Supplied material:
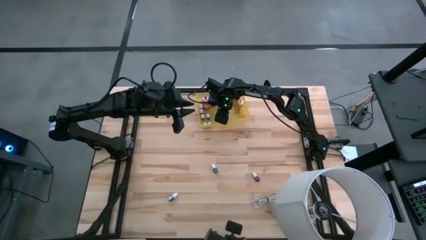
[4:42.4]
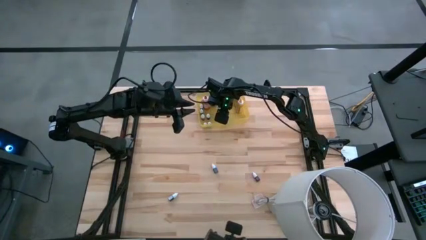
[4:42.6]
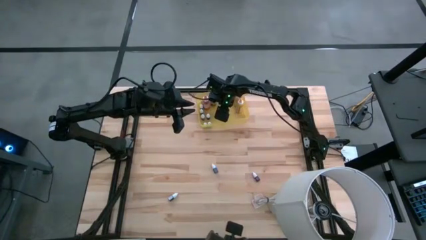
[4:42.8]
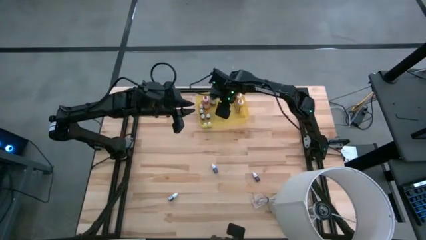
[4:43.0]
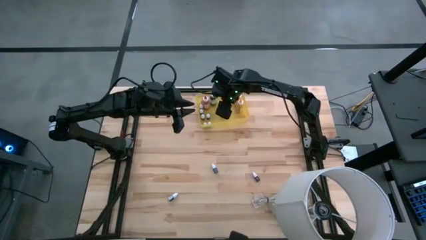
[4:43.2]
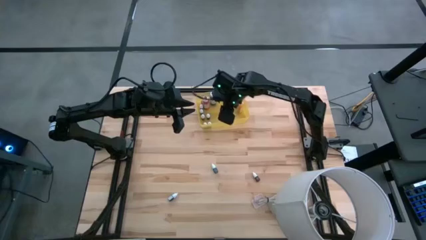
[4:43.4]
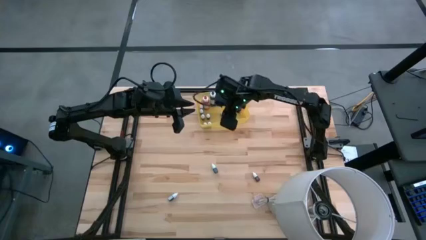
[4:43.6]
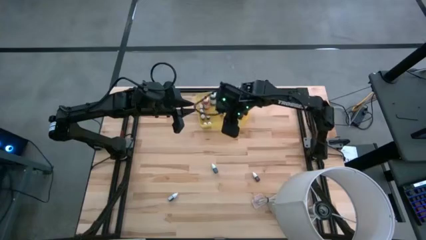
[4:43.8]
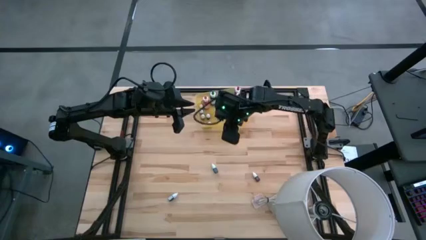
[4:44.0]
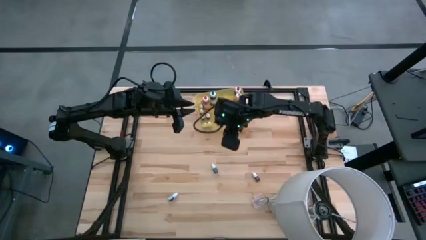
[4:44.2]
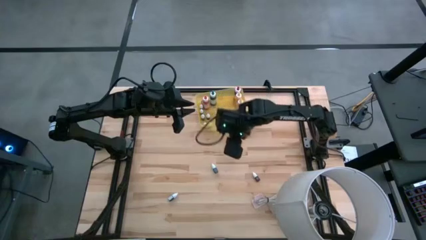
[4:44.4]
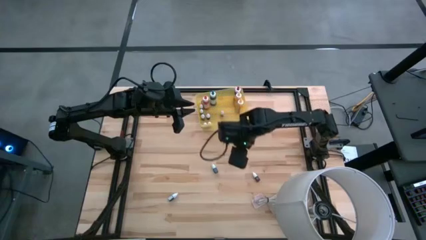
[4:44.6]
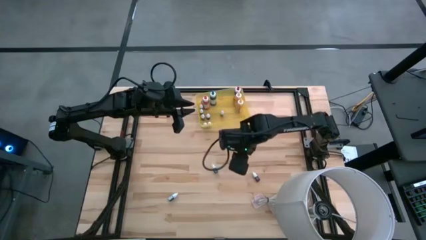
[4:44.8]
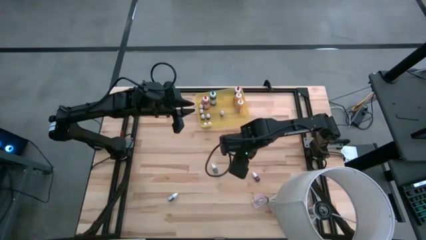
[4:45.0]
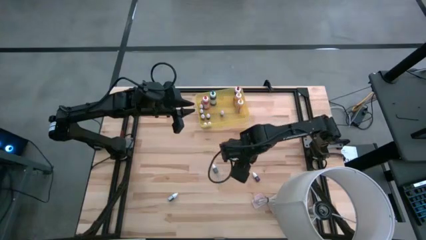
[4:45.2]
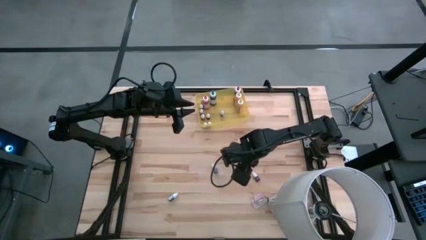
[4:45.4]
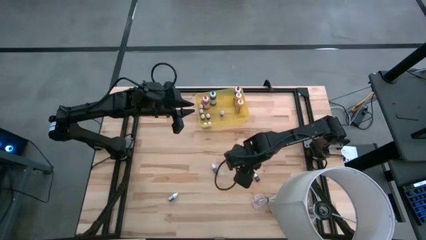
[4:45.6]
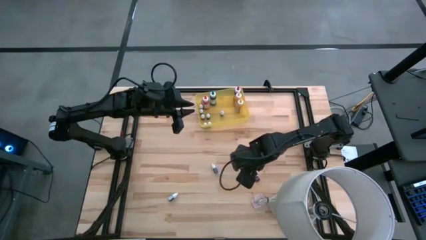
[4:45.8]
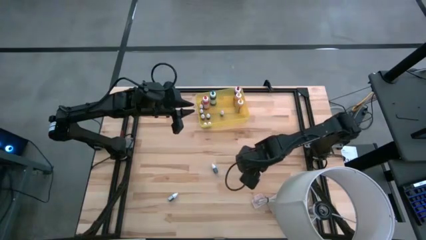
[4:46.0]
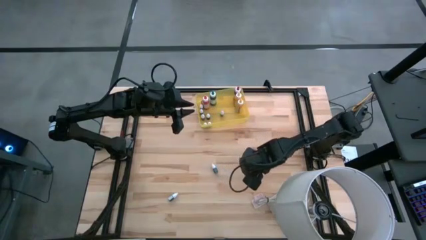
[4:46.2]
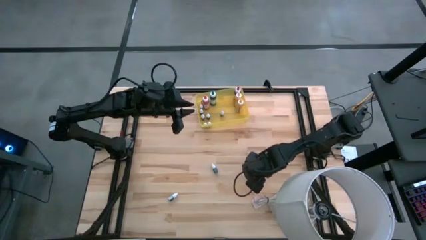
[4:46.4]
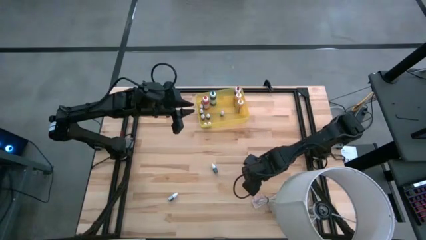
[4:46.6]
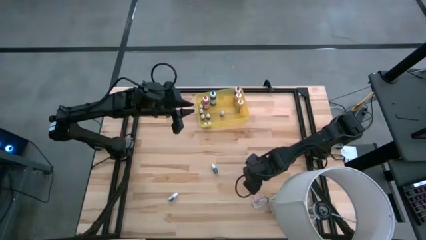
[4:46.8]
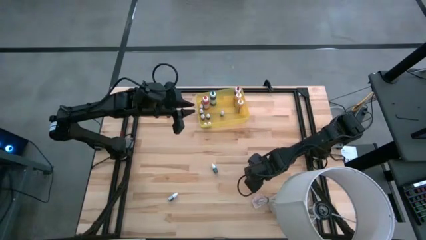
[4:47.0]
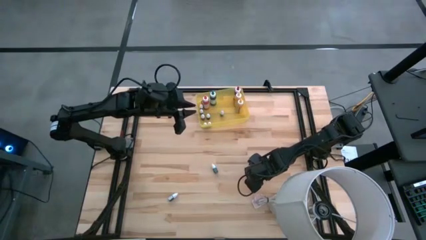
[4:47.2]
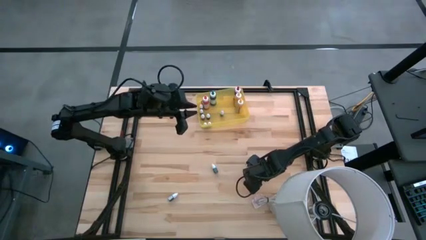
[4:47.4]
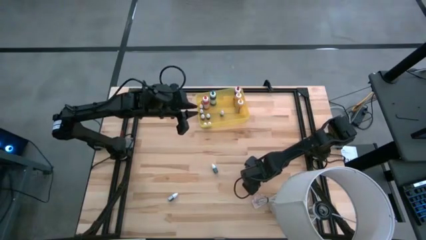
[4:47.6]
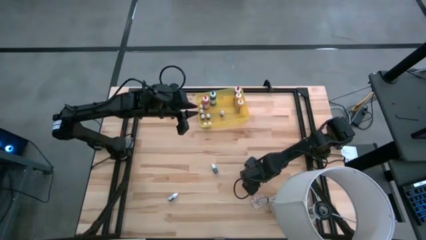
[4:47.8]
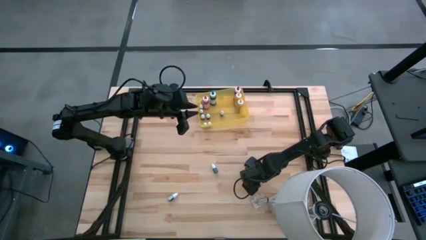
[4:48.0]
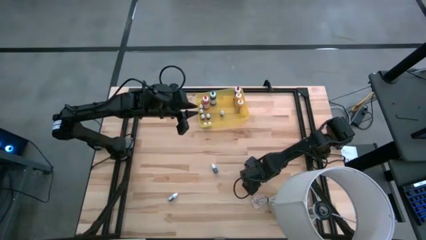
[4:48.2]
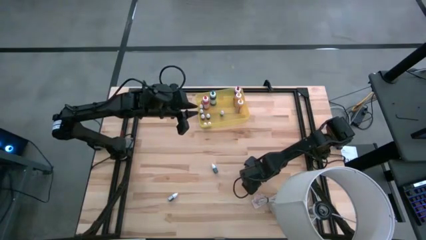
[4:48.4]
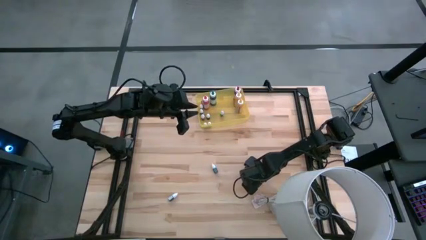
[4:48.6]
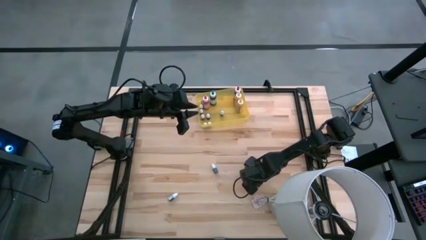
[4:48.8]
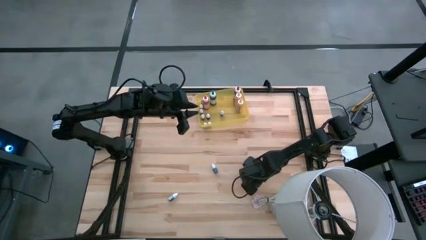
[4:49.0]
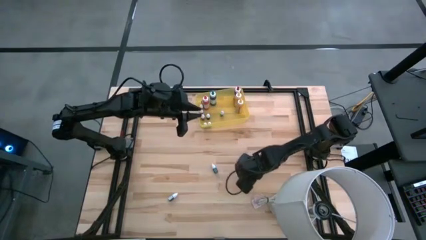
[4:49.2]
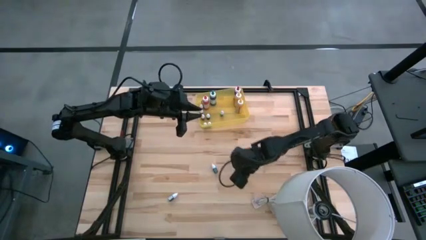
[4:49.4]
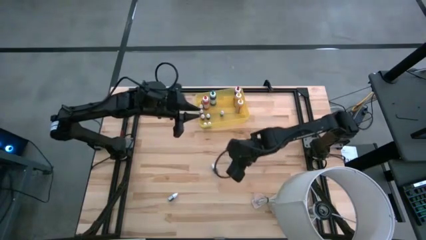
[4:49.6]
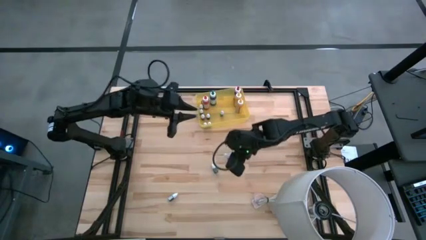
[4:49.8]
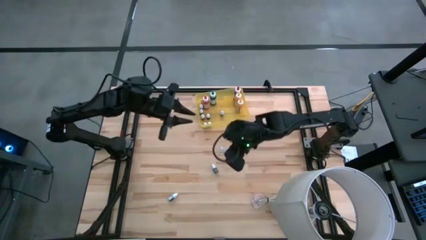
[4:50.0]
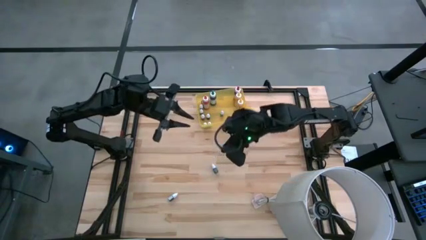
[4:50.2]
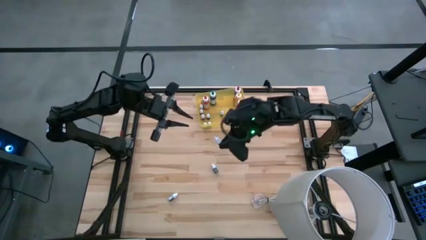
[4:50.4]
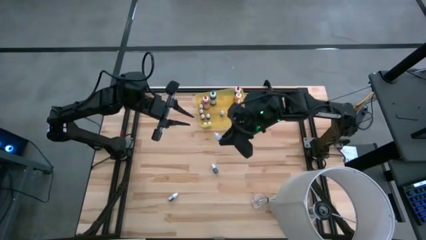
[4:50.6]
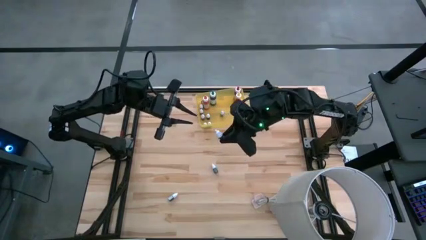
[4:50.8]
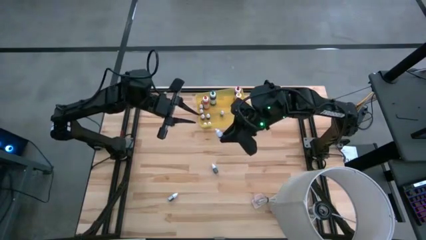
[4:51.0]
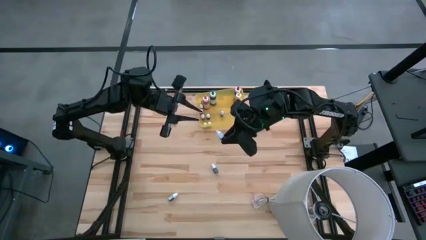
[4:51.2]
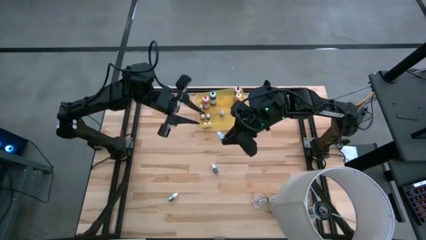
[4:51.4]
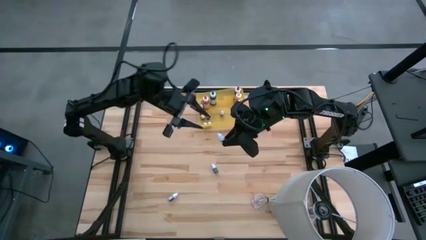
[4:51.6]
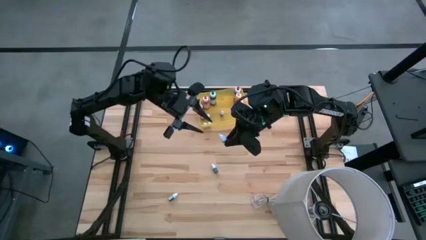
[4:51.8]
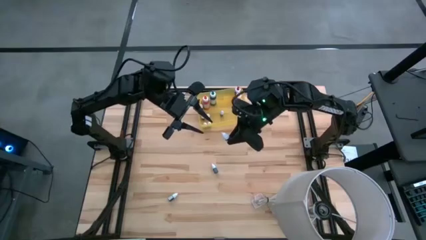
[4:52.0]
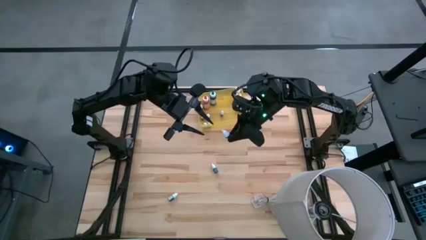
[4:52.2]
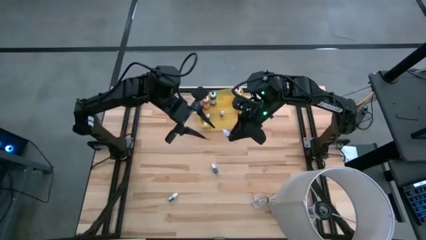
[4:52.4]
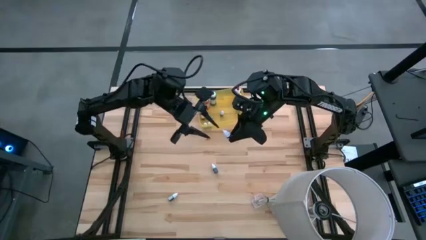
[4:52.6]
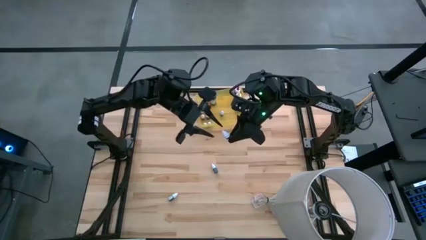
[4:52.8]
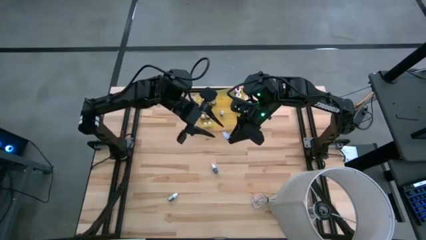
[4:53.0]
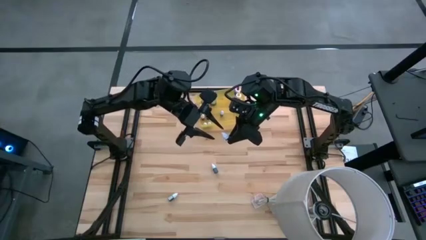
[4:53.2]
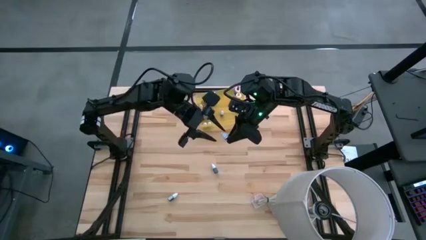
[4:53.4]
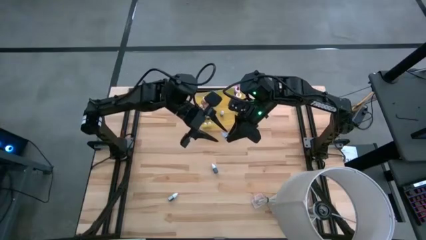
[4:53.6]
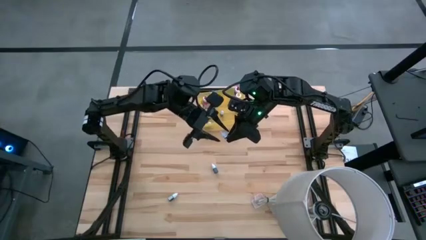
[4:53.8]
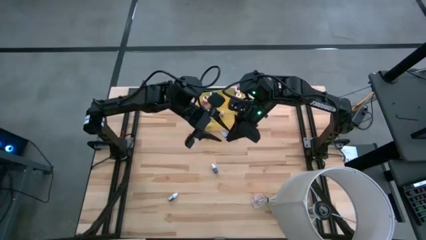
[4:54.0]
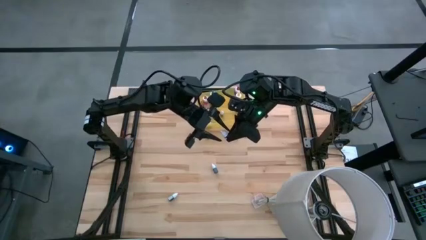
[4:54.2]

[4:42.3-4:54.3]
Task: Pick & Place food coloring
Put the small orange food coloring bottle into the yellow bin

Task details:
Copy every record exactly, without the pictures.

Your response:
[4:42.4]
[4:42.6]
[4:42.8]
[4:43.0]
[4:43.2]
[4:43.4]
[4:43.6]
[4:43.8]
[4:44.0]
[4:44.2]
[4:44.4]
[4:44.6]
[4:44.8]
[4:45.0]
[4:45.2]
[4:45.4]
[4:45.6]
[4:45.8]
[4:46.0]
[4:46.2]
[4:46.4]
[4:46.6]
[4:46.8]
[4:47.0]
[4:47.2]
[4:47.4]
[4:47.6]
[4:47.8]
[4:48.0]
[4:48.2]
[4:48.4]
[4:48.6]
[4:48.8]
[4:49.0]
[4:49.2]
[4:49.4]
[4:49.6]
[4:49.8]
[4:50.0]
[4:50.2]
[4:50.4]
[4:50.6]
[4:50.8]
[4:51.0]
[4:51.2]
[4:51.4]
[4:51.6]
[4:51.8]
[4:52.0]
[4:52.2]
[4:52.4]
[4:52.6]
[4:52.8]
[4:53.0]
[4:53.2]
[4:53.4]
[4:53.6]
[4:53.8]
[4:54.0]
[4:54.2]

[4:42.3-4:54.3]
Task: Pick & Place food coloring
Put the small orange food coloring bottle into the yellow bin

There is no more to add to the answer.